The Lowcountry SmartVan Program is a pilot project funded by the Community Foundation of the Lowcountry and the South Carolina Department of Transportation. Under the project, 2Plus, Inc., a national non-profit organization specializing in vanpooling, will administer the program by forming vanpool groups and providing vehicles for the routes.

The program is eligible for the Federal Commuter Choice Benefit, according to Brent Hodges, a vanpool manager for 2Plus. Commuters Choice is a nationwide initiative for employers to offer a broad range of commuting choices to their employees, which includes tax incentives available to commuters.

There are several reasons why vanpooling is a viable transportation option for service members and civilian Tri-Command employees who commute to and from work, according to Hodges.
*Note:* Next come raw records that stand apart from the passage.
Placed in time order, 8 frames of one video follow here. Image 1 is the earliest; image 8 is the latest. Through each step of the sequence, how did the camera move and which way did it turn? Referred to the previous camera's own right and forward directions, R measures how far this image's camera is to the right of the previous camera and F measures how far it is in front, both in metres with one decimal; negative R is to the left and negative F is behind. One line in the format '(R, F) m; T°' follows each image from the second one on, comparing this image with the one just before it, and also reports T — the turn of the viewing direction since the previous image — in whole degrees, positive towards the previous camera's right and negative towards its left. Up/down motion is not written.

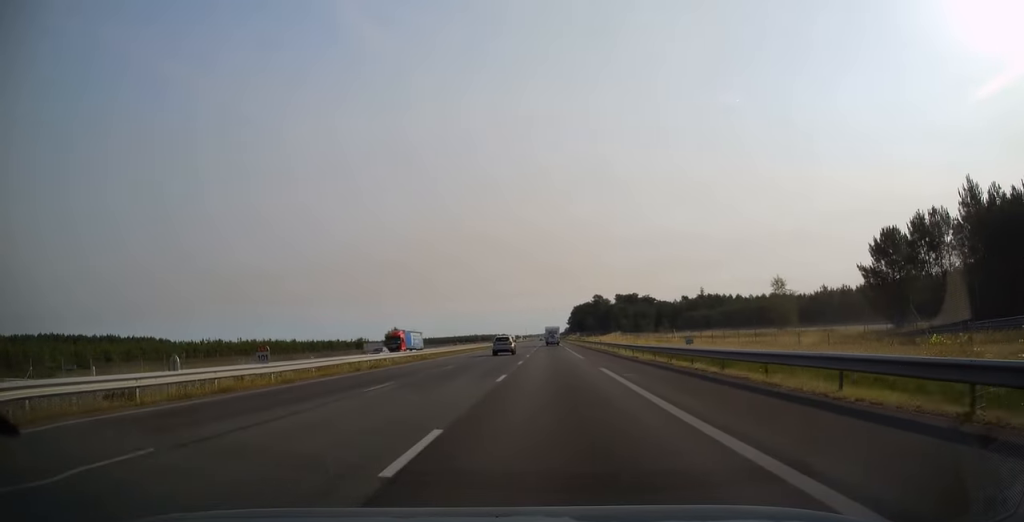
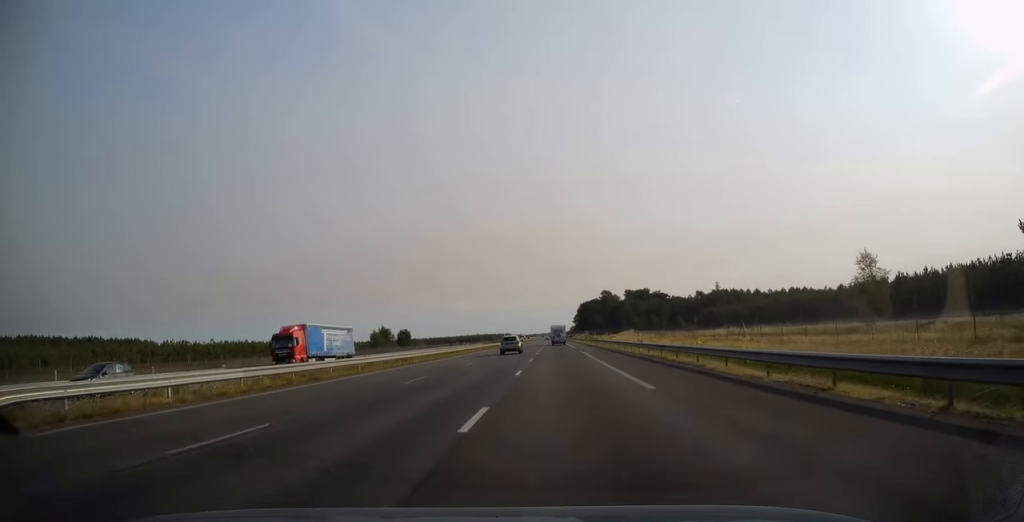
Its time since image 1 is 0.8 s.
(0.0, +23.1) m; 0°
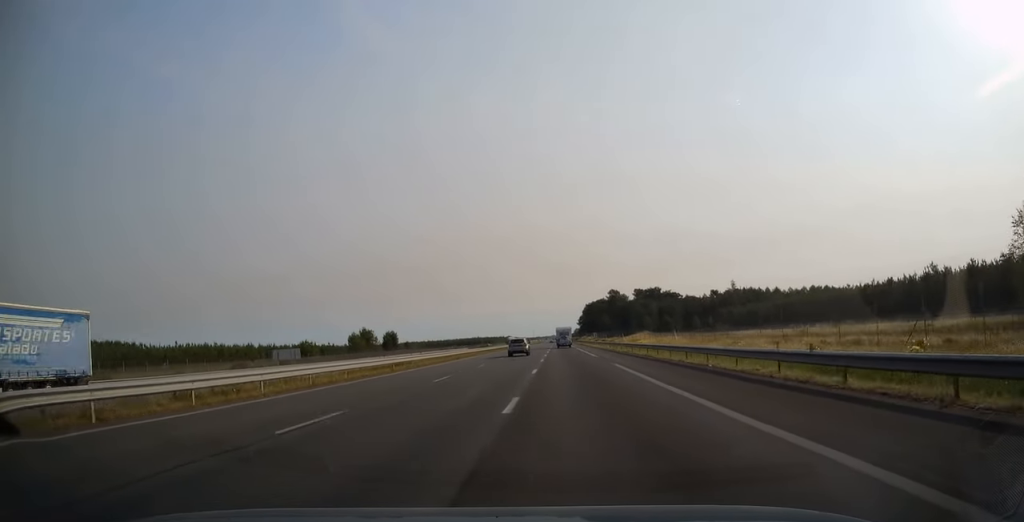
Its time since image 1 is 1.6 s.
(-0.1, +23.6) m; 0°
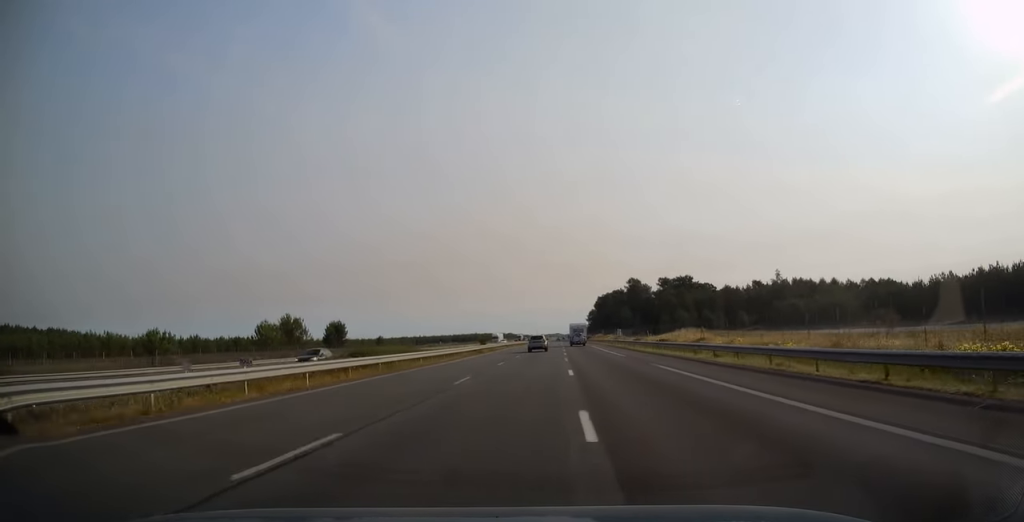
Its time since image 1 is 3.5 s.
(-0.2, +55.7) m; -1°
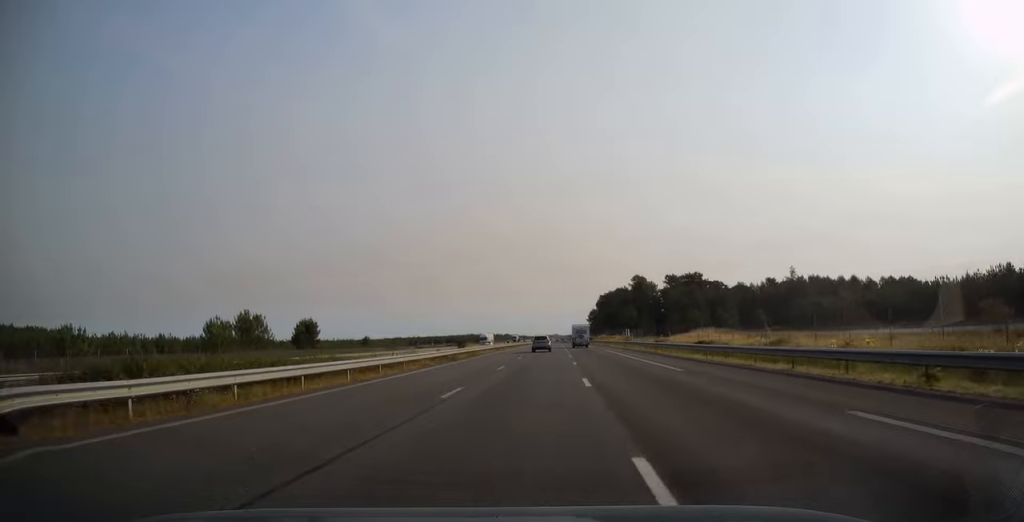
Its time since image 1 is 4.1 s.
(-0.2, +17.3) m; 0°
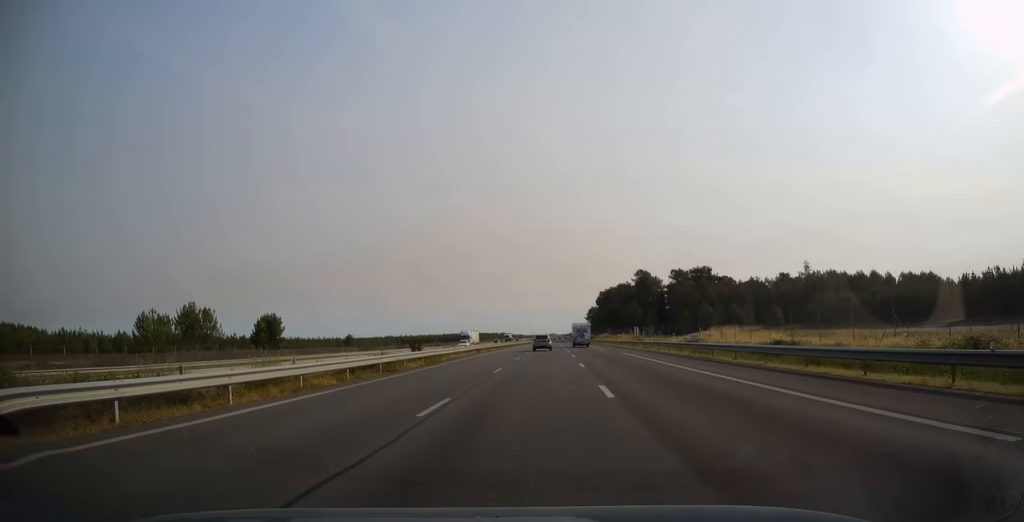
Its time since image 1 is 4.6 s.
(+0.1, +16.8) m; 0°
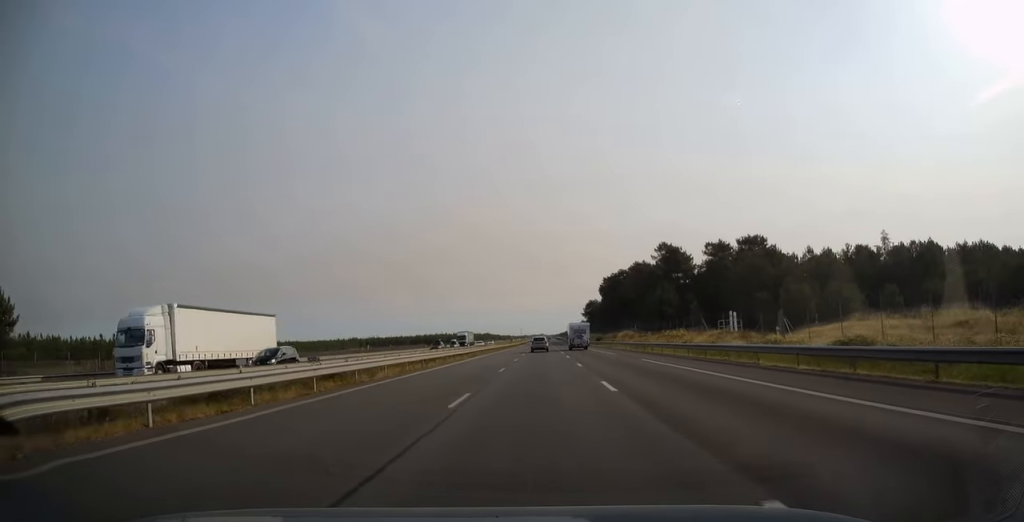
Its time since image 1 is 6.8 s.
(+0.9, +63.6) m; +1°
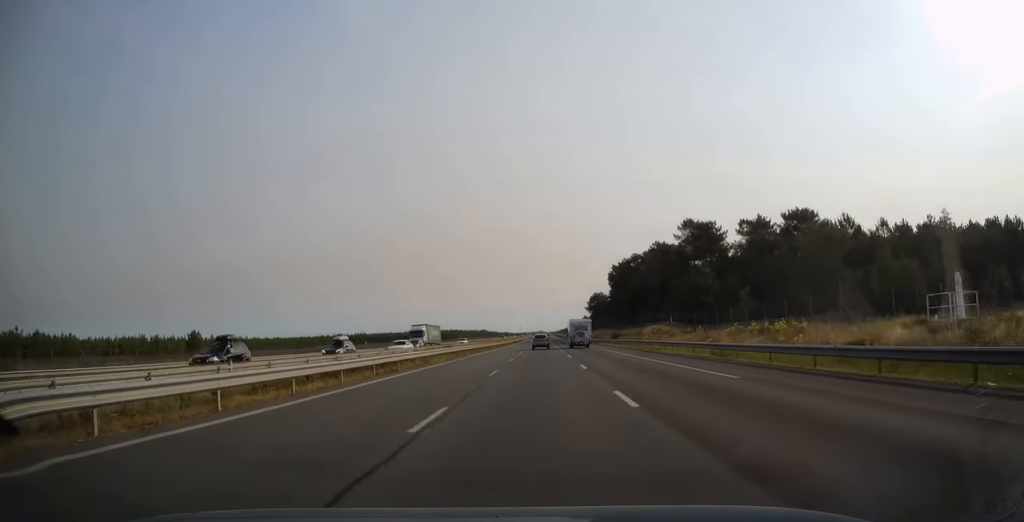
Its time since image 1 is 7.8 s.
(0.0, +29.6) m; 0°

“Vanpooling is defined by groups of five or more people traveling in similar commute patterns, going to and from similar destinations, and on similar shifts agreeing to a rideshare arrangement,” Hodges said. “Vanpooling is an efficient and cost effective alternative transit mode. It saves money in gas, provides a reliable means of transportation, frees up a personal vehicle for other family members, and saves on personal (expenses).”
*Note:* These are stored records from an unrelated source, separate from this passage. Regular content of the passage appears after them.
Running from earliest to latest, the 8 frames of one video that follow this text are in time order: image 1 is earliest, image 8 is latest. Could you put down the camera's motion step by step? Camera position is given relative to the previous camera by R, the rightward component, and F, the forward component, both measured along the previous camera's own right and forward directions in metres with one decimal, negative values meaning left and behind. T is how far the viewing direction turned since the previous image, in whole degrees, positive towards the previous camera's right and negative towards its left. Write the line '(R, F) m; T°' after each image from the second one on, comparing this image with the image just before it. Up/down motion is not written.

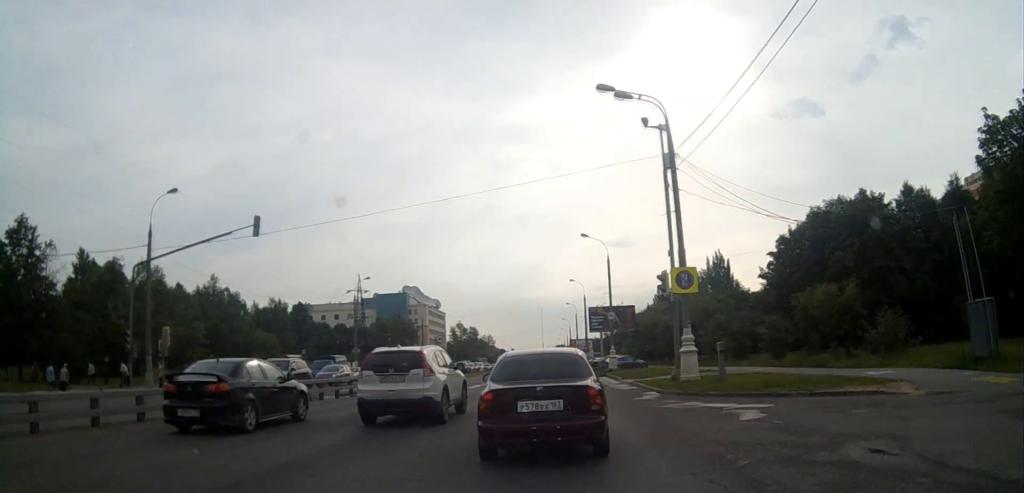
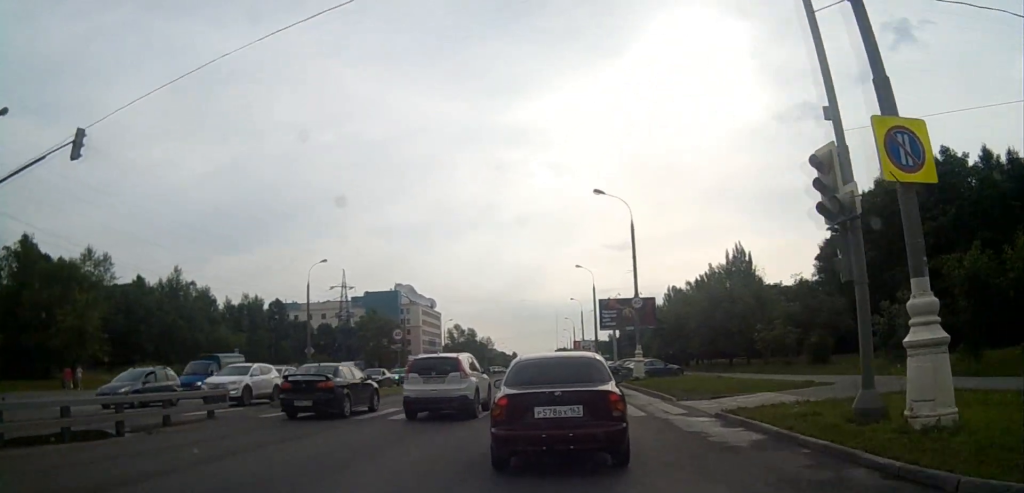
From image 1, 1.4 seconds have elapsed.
(-0.1, +16.4) m; -2°
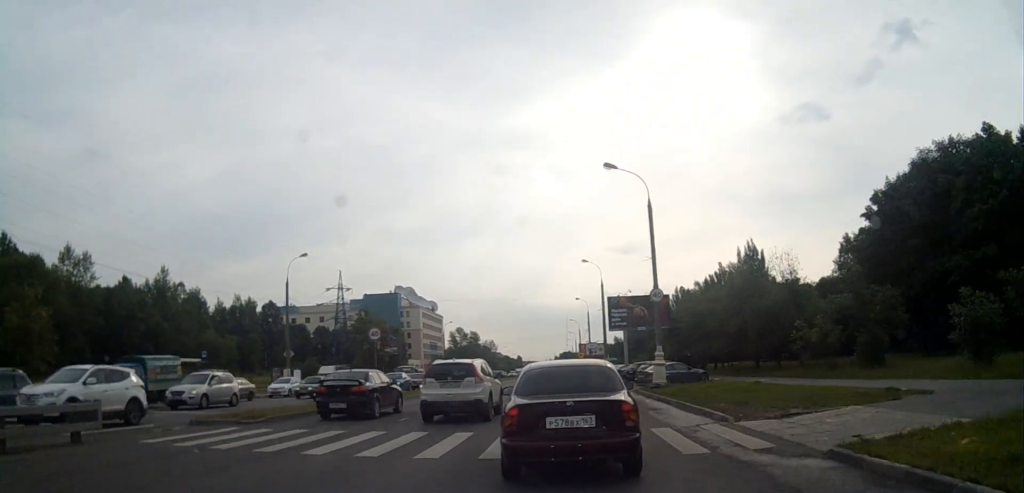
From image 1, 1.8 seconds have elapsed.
(-0.1, +6.5) m; -1°
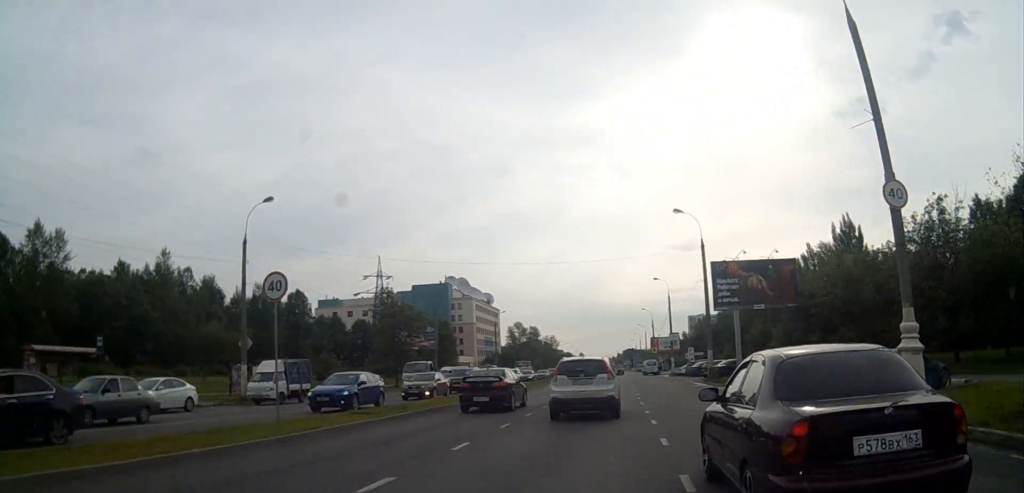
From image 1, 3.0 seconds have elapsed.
(-0.4, +20.1) m; -1°
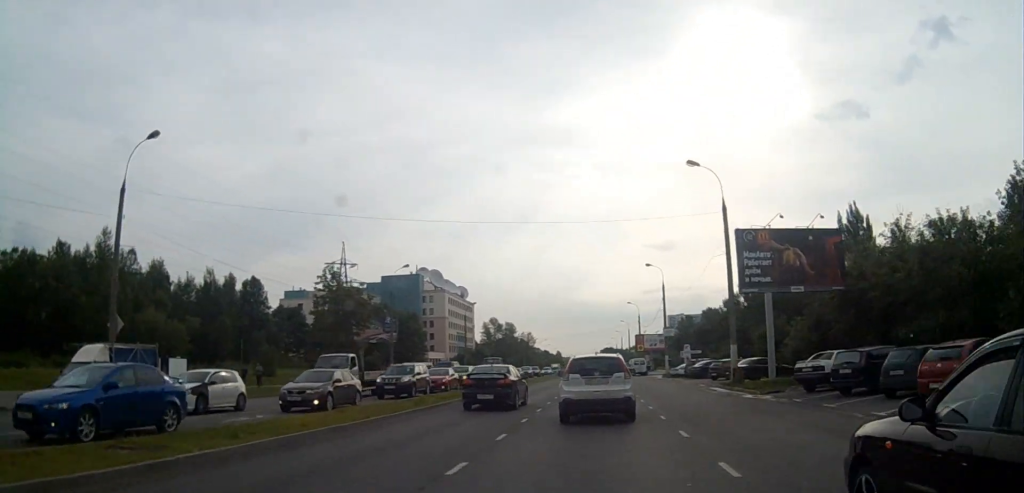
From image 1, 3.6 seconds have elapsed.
(0.0, +10.9) m; 0°
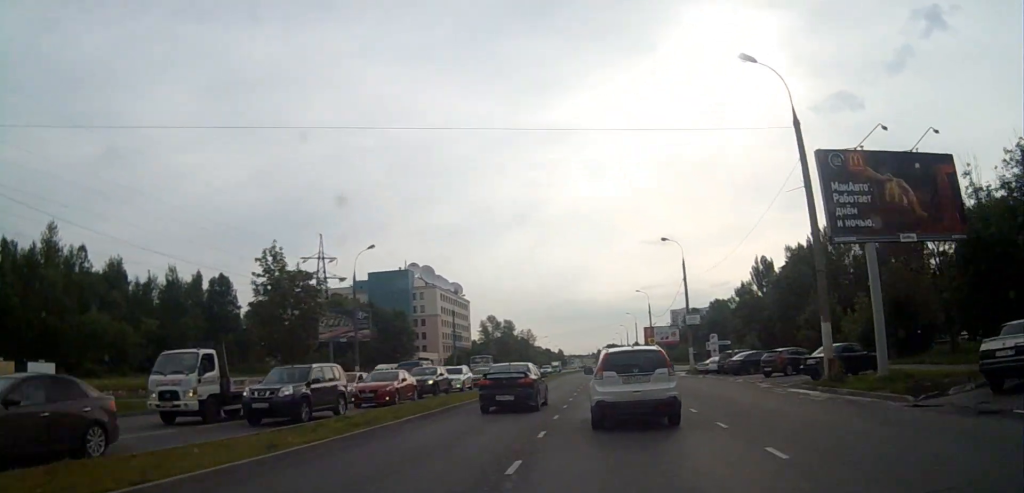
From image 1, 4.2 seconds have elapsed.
(0.0, +12.5) m; 0°
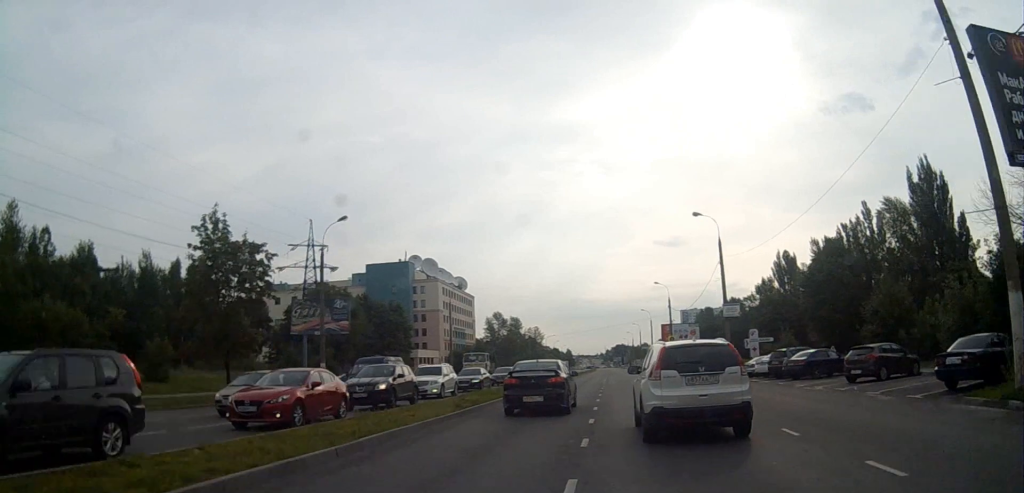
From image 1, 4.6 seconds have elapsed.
(0.0, +8.9) m; 0°
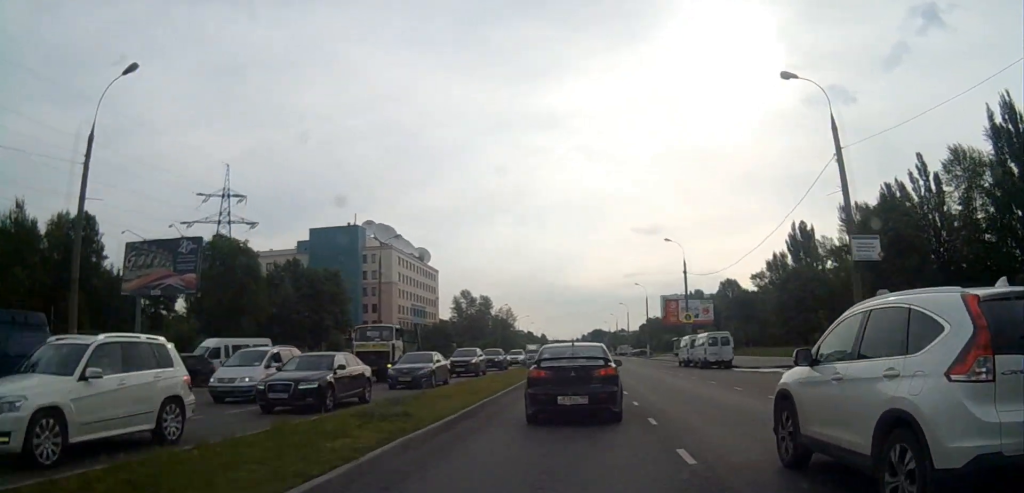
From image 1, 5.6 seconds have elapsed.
(+0.2, +22.9) m; +2°

The SmartVan Program works on a volunteer-based driver system. Driver benefits include a fuel card and maintenance provided for the vehicle, free personal use of 150 miles per month and free transportation to and from work, according to Jodie Harper, the Lowcountry SmartVan Program manager.

“The driver must have a valid U.S. drivers license and be insurable,” Harper said. “2Plus provides the van, training for the driver and insurance for the driver.”

Vanpools can help lower congestion to the roadways and reduce the need for parking spaces, but there are other incentives that may benefit civilians working in the military community, according to Harper.

“It can be a great tool to reducing absenteeism and tardiness,” Harper said. “It can also be a tool for recruitment and retention of civilian employees. It allows you to recruit civilian employees from households that may not have considered working on base because of lack of transportation or distance in travel.”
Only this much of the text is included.